→ Work required:
Go to the line that contains "[107000 ms]". Restate that line and each one after it exactly, through the end of the records, without pictures.

→ Data:
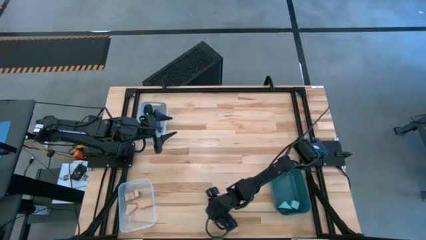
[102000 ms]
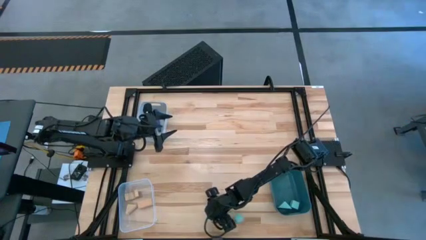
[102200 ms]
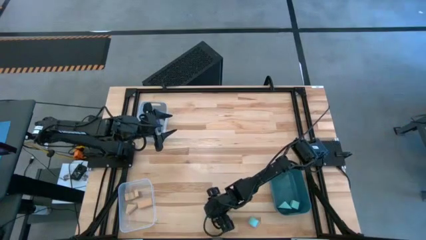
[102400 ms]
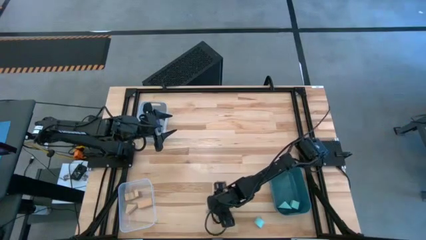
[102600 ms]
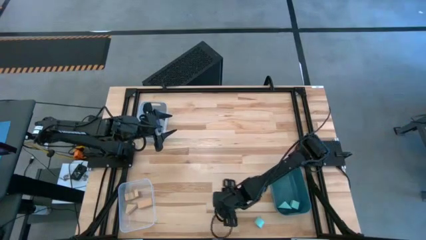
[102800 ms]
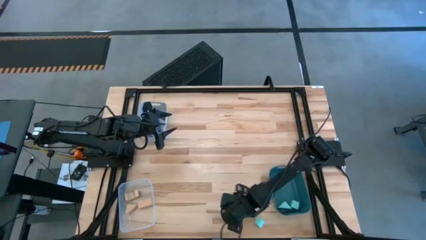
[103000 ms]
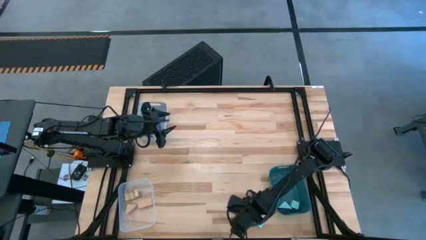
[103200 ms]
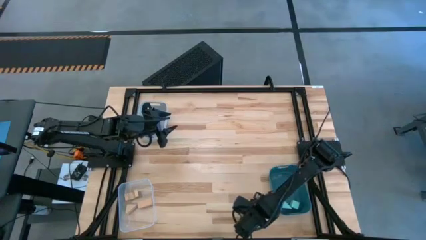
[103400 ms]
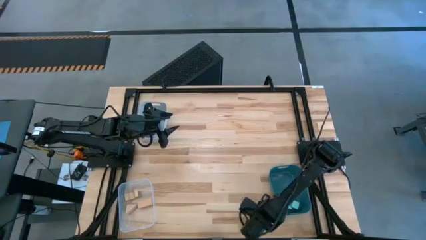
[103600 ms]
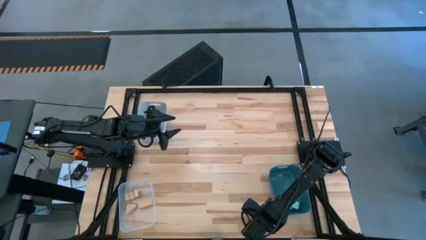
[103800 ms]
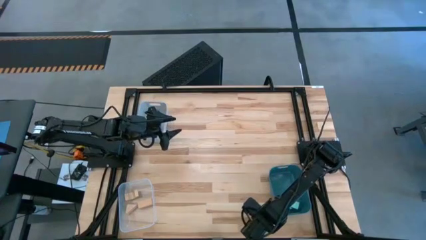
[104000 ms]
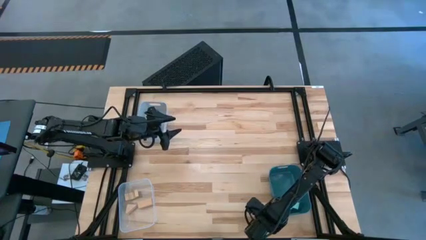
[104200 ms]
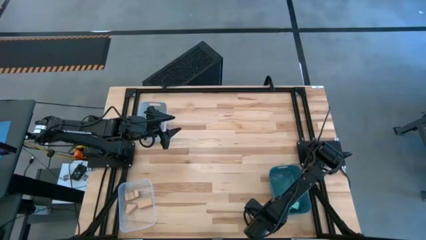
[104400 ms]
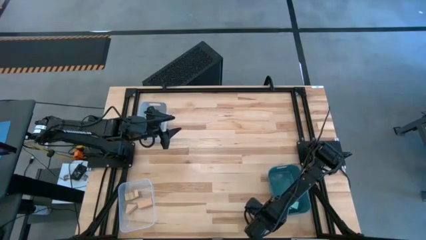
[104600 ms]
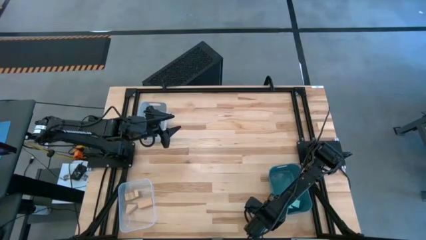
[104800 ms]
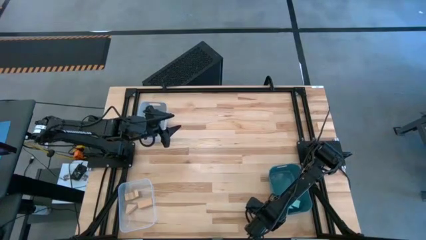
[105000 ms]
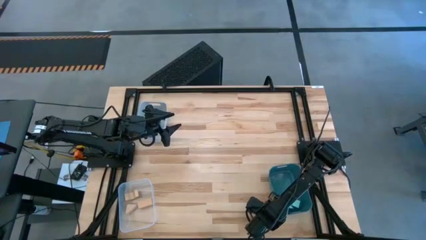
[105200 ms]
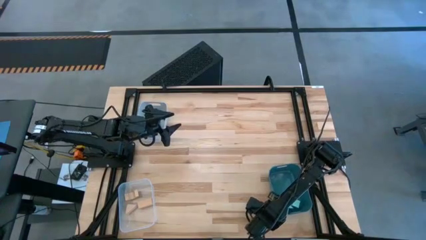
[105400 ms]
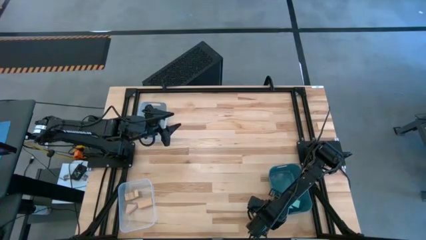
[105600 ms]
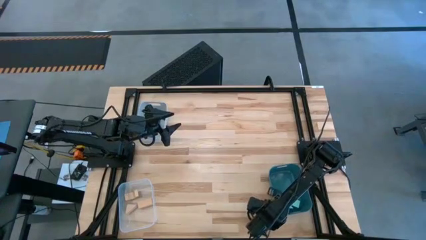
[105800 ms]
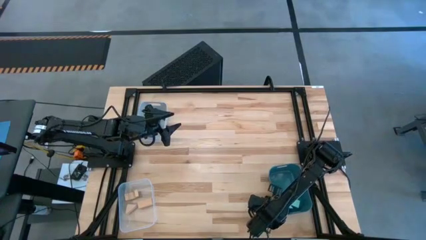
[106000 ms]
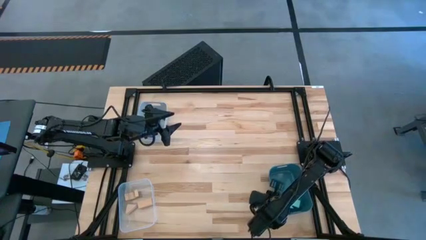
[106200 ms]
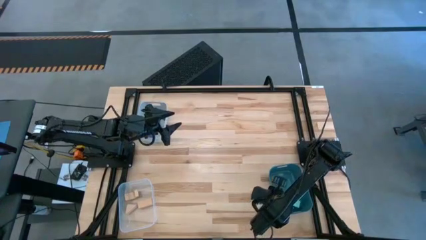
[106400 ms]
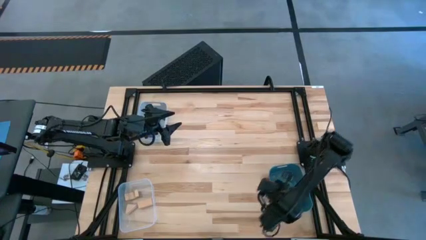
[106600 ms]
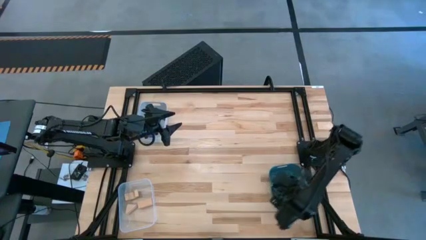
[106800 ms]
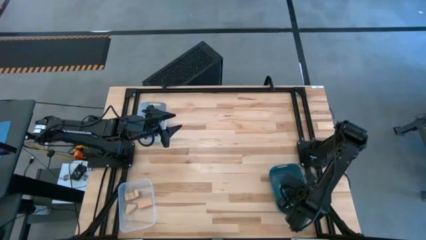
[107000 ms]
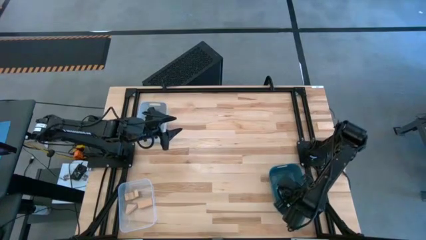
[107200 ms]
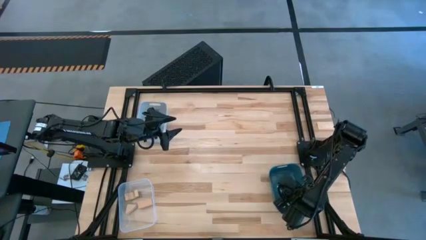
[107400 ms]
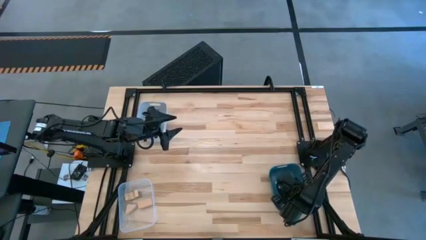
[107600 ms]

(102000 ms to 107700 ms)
Put the blue block into the blue bin

→ Written reply:
[107000 ms]
[107200 ms]
[107400 ms]
[107600 ms]

(102000 ms to 107700 ms)
Put the blue block into the blue bin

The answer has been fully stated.